In 1977, the now defunct Dublin Sunday Press ran an interview with former Irish minister for finance Charles Haughey in which the country’s human rights abuses simply went unrecorded. It was not difficult to see why. “An enormous potential market for Irish produce,” it began, “including lamb, beef, dairy products and construction industry requirements was open in Iraq . . . Charles Haughey told me on his return from a week-long visit to that country.” Haughey and his wife Maureen, it transpired, had been “the guest of the 9-year-old socialist Iraqi government” so that he could inform himself “of the political and economic situation there and to help to promote better contact and better relations between Ireland and Iraq at political level.” Haughey, who had met “the Director General of the Ministry of Planning, Saddam Hussein,” added that “the principal political aspect of modern Iraq is the total determination of its leaders to use the wealth derived from their oil resources for the benefit of their people . . .” The Baath party, the article helpfully informed its readers, “came to power in July 1968 without the shedding of one drop of blood.”
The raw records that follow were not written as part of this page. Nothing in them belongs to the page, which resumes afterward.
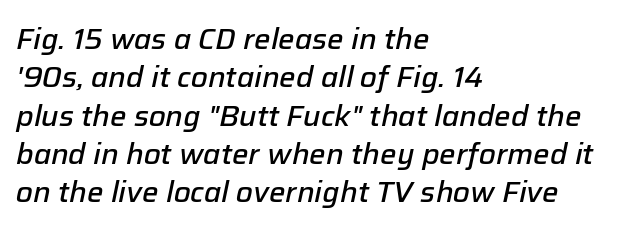
{"italic": "yes", "lean": "right", "slant_degrees": 12, "bold": "semi", "weight": "semibold", "width": "normal", "stroke_contrast": "low", "x_height": "medium", "monospaced": "no", "underline": "no", "align": "left", "line_spacing": "normal", "line_spacing_ratio": 1.32, "letter_spacing": "normal", "letter_spacing_em": 0.0, "glyph_px": 29}
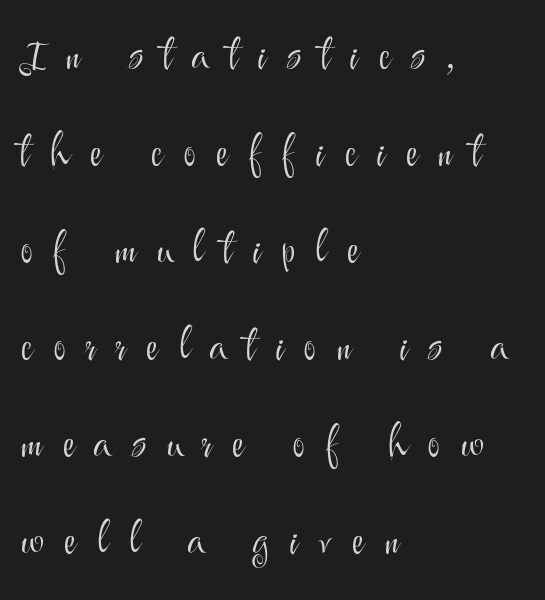
The image shows 42 px light sans-serif type; set left-aligned, loose line spacing (2.31x), unusually wide letter spacing (+0.48 em), not underlined; medium stroke contrast and a small x-height.
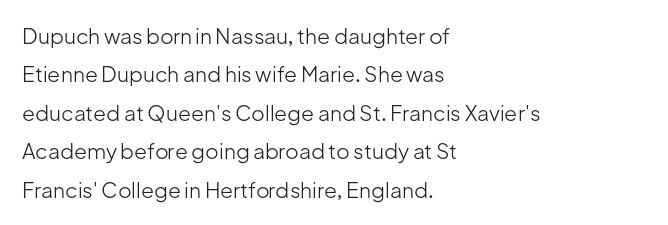
{"italic": "no", "bold": "no", "underline": "no", "align": "left", "line_spacing_ratio": 1.83, "letter_spacing": "normal", "letter_spacing_em": 0.0, "glyph_px": 21}
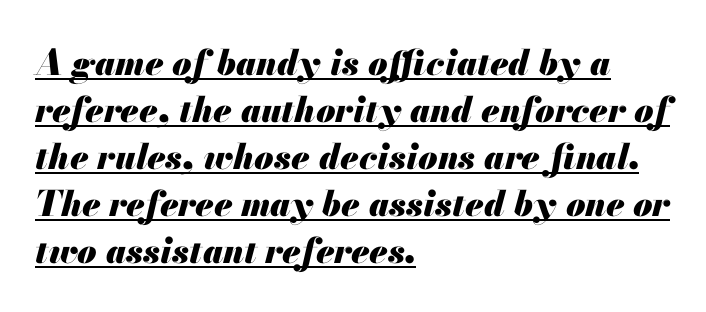
Q: Is the text bold? A: Yes.
Q: Is the text italic (slanted)? A: Yes, it leans right by about 13 degrees.
Q: Is the text underlined? A: Yes.
Q: How is the paragraph aligned? A: Left-aligned.
Q: Is the spacing between letters normal or unusually wide? A: Normal.
Q: Is the spacing between lines tight, normal or loose? A: Normal.
Q: Width (condensed, normal, or wide)? A: Normal.
Q: Stroke contrast? A: Medium.
Q: x-height? A: Small.
Q: Monospaced? A: No.
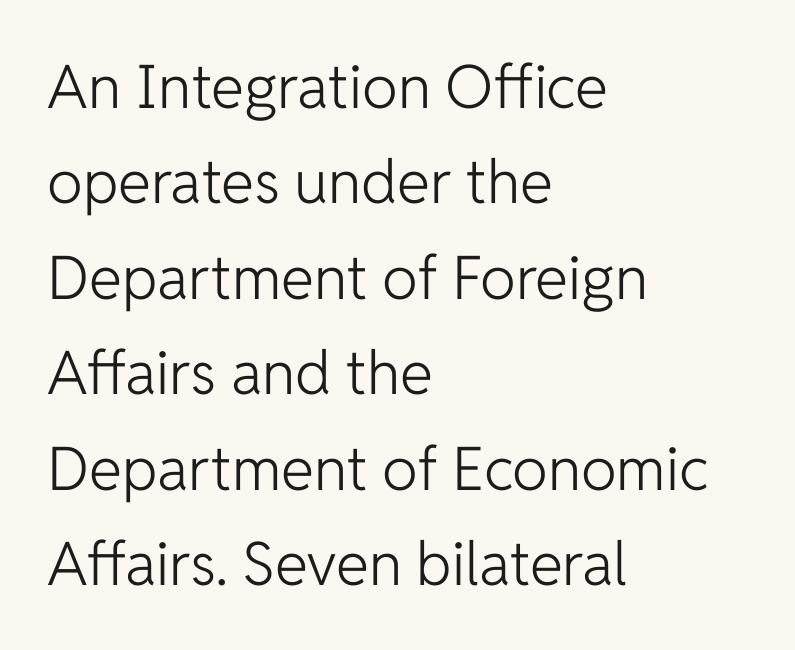
The image shows 60 px light sans-serif type, upright; set left-aligned, normal line spacing (1.59x), normal letter spacing, not underlined; low stroke contrast and a medium x-height.
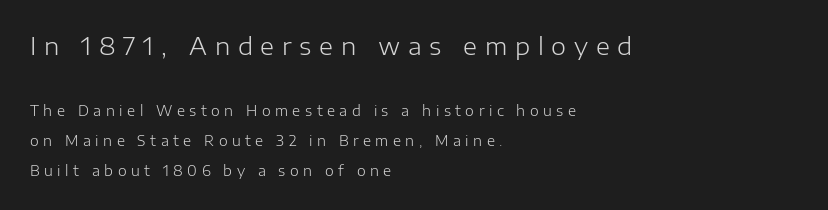
Q: Is the text bold? A: No.
Q: Is the text italic (slanted)? A: No, it is upright.
Q: Is the text underlined? A: No.
Q: How is the paragraph aligned? A: Left-aligned.
Q: Is the spacing between letters normal or unusually wide? A: Unusually wide.
Q: Is the spacing between lines tight, normal or loose? A: Loose.
Q: Which block of text is set in a larger size, the first (top) or the second (bottom)? A: The first (top) one.
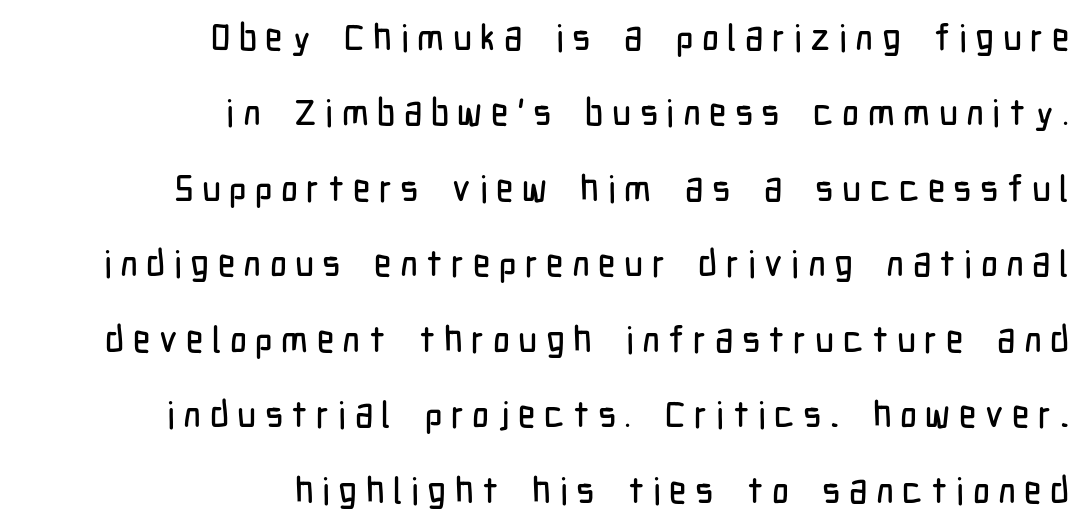
Q: Is the text italic (slanted)? A: No, it is upright.
Q: Is the typeface a serif or a sans-serif typeface? A: Sans-serif.
Q: Is the text underlined? A: No.
Q: How is the paragraph aligned? A: Right-aligned.
Q: Is the spacing between letters normal or unusually wide? A: Unusually wide.
Q: Is the spacing between lines tight, normal or loose? A: Loose.
Q: Width (condensed, normal, or wide)? A: Condensed.
Q: Stroke contrast? A: Low.
Q: x-height? A: Medium.
Q: Monospaced? A: No.
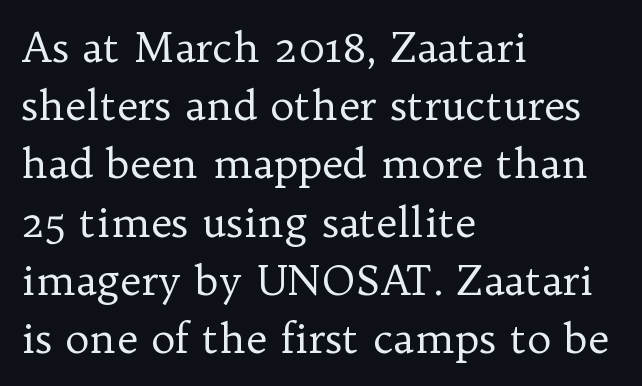
Q: Is the text bold? A: No.
Q: Is the text italic (slanted)? A: No, it is upright.
Q: Is the typeface a serif or a sans-serif typeface? A: Serif.
Q: Is the text underlined? A: No.
Q: How is the paragraph aligned? A: Left-aligned.
Q: Is the spacing between letters normal or unusually wide? A: Normal.
Q: Is the spacing between lines tight, normal or loose? A: Normal.
Q: Width (condensed, normal, or wide)? A: Normal.
Q: Stroke contrast? A: Low.
Q: x-height? A: Medium.
Q: Monospaced? A: No.
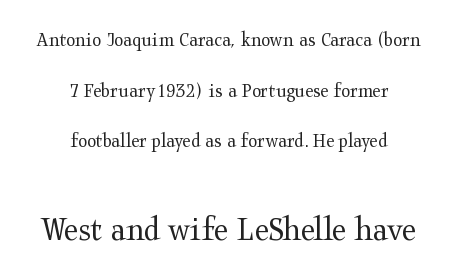
{"serif": "yes", "italic": "no", "bold": "no", "weight": "regular", "width": "wide", "stroke_contrast": "medium", "x_height": "medium", "monospaced": "no", "underline": "no", "align": "center", "line_spacing": "loose", "line_spacing_ratio": 2.41, "letter_spacing": "normal", "letter_spacing_em": 0.0, "larger_block": "second", "size_ratio": 1.71, "glyph_px": 36}
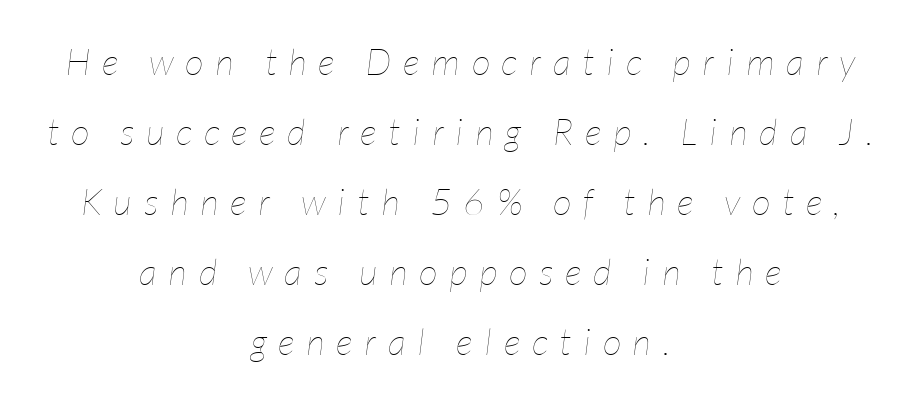
{"italic": "yes", "lean": "right", "slant_degrees": 7, "bold": "no", "weight": "thin", "width": "condensed", "stroke_contrast": "low", "x_height": "medium", "monospaced": "no", "underline": "no", "align": "center", "line_spacing_ratio": 1.89, "letter_spacing": "wide", "letter_spacing_em": 0.32, "glyph_px": 37}
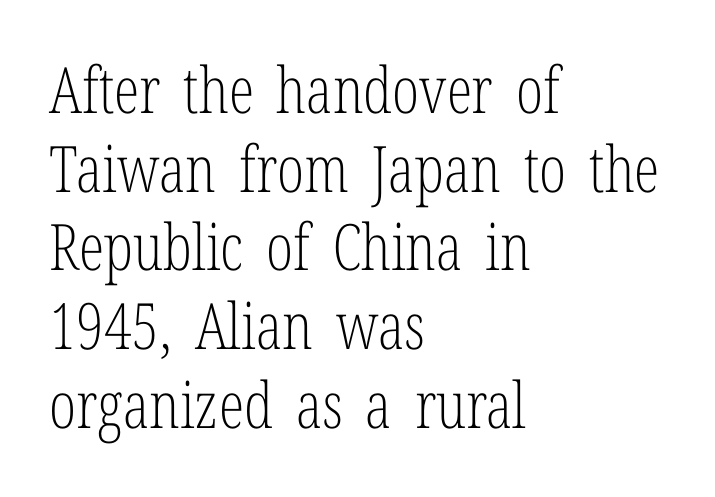
Weight class: somewhere from thin through regular. The passage shown is not underscored anywhere. The passage shown is typeset with a serif family. This is the regular roman posture of the typeface. This sample has the flowing, uneven cadence of proportional lettering. Left-aligned paragraph, ragged on the right.
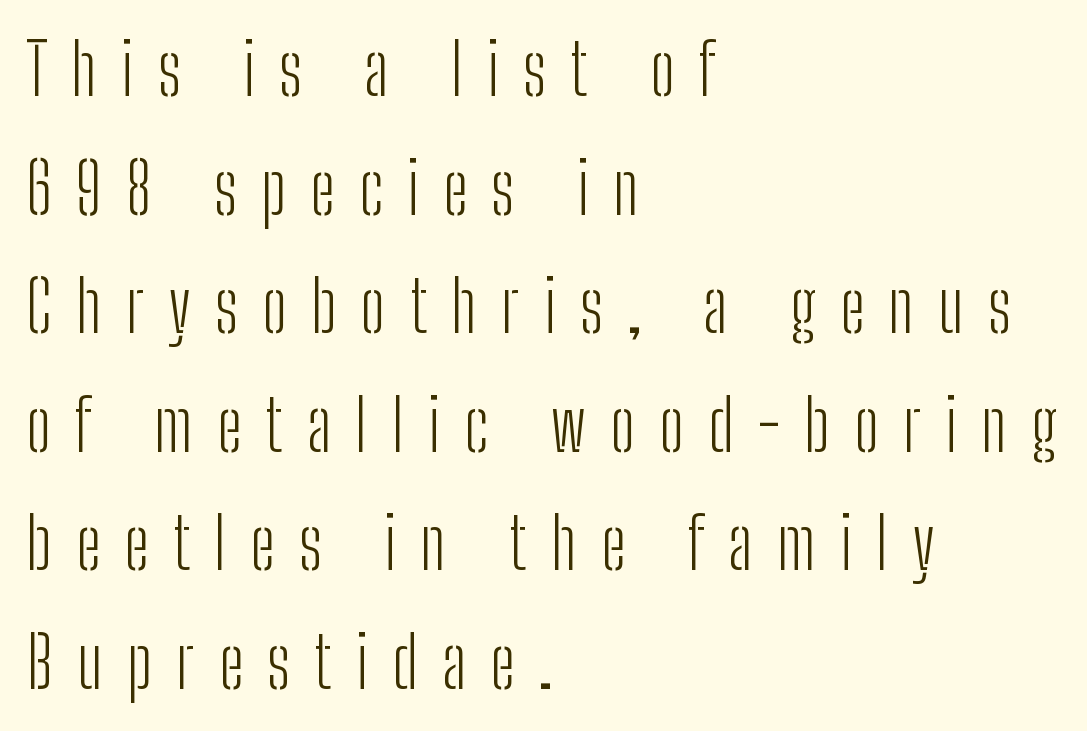
Q: Is the text bold? A: No.
Q: Is the text italic (slanted)? A: No, it is upright.
Q: Is the typeface a serif or a sans-serif typeface? A: Sans-serif.
Q: Is the text underlined? A: No.
Q: How is the paragraph aligned? A: Left-aligned.
Q: Is the spacing between letters normal or unusually wide? A: Unusually wide.
Q: Is the spacing between lines tight, normal or loose? A: Normal.
Q: Width (condensed, normal, or wide)? A: Condensed.
Q: Stroke contrast? A: Low.
Q: x-height? A: Medium.
Q: Monospaced? A: No.
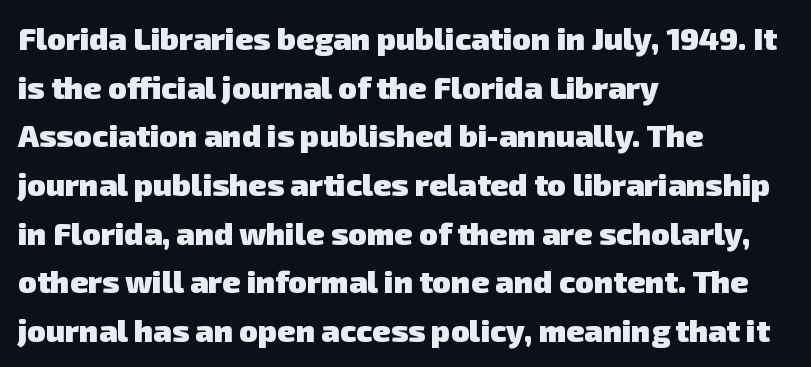
The image shows 31 px heavy sans-serif type; set left-aligned, normal line spacing (1.57x), normal letter spacing, not underlined; low stroke contrast and a medium x-height.
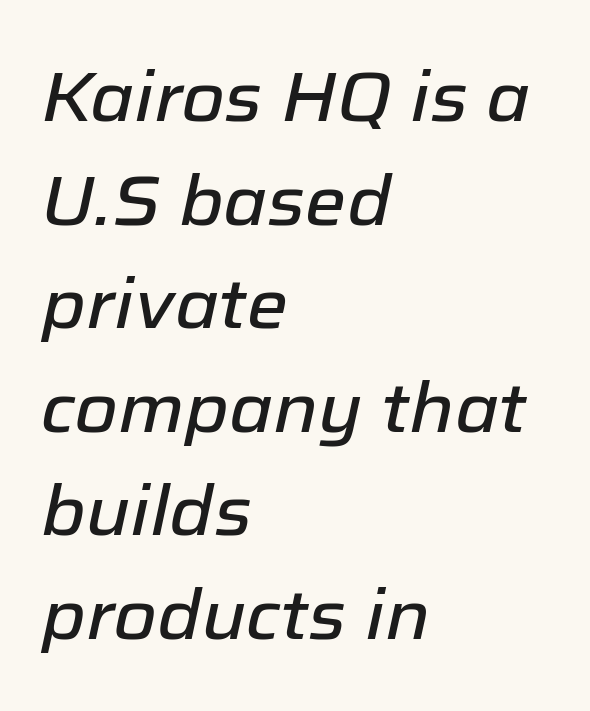
{"italic": "yes", "lean": "right", "slant_degrees": 12, "width": "normal", "stroke_contrast": "low", "x_height": "medium", "monospaced": "no", "underline": "no", "align": "left", "line_spacing": "normal", "line_spacing_ratio": 1.48, "letter_spacing": "normal", "letter_spacing_em": 0.0, "glyph_px": 70}
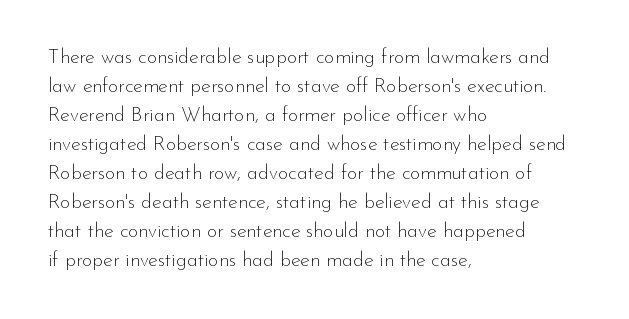
{"italic": "no", "bold": "no", "underline": "no", "align": "left", "line_spacing": "normal", "line_spacing_ratio": 1.45, "letter_spacing": "normal", "letter_spacing_em": 0.0, "glyph_px": 20}
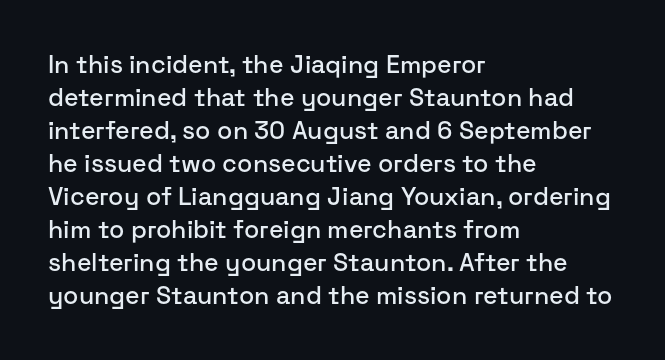
Every row of glyphs begins at an identical x-position on the left. Words appear dense and cohesive because spacing is normal. Unlike italic type, these characters show no tilt at all. Vertical spacing — default. Check under the words: just untouched page.

The British understood the Iraqi regime all too well. In 1980, gunmen from the “Political Organisation of the Arab People in Arabistan”—the small south-western corner of Iran with a predominantly Arab population, which is called Khuzestan— had taken over the Iranian embassy in London; the siege ended when Special Air Service men entered the building, capturing one of the men but killing another four and executing a fifth in cold blood before fire consumed the building.45 Less than three months later, however, on 19 July 1980, I was astonished to be telephoned at my Baghdad hotel and invited by the Iraqi authorities to attend a press conference held by the very same Arab group which had invaded the embassy. Nasser Ahmed Nasser, a thirty-one-year-old economics graduate from Tehran University, accused the British of “conspiring” with Iran against the country’s Arabs and demanded the return to Iraq of the bodies of the five dead gunmen.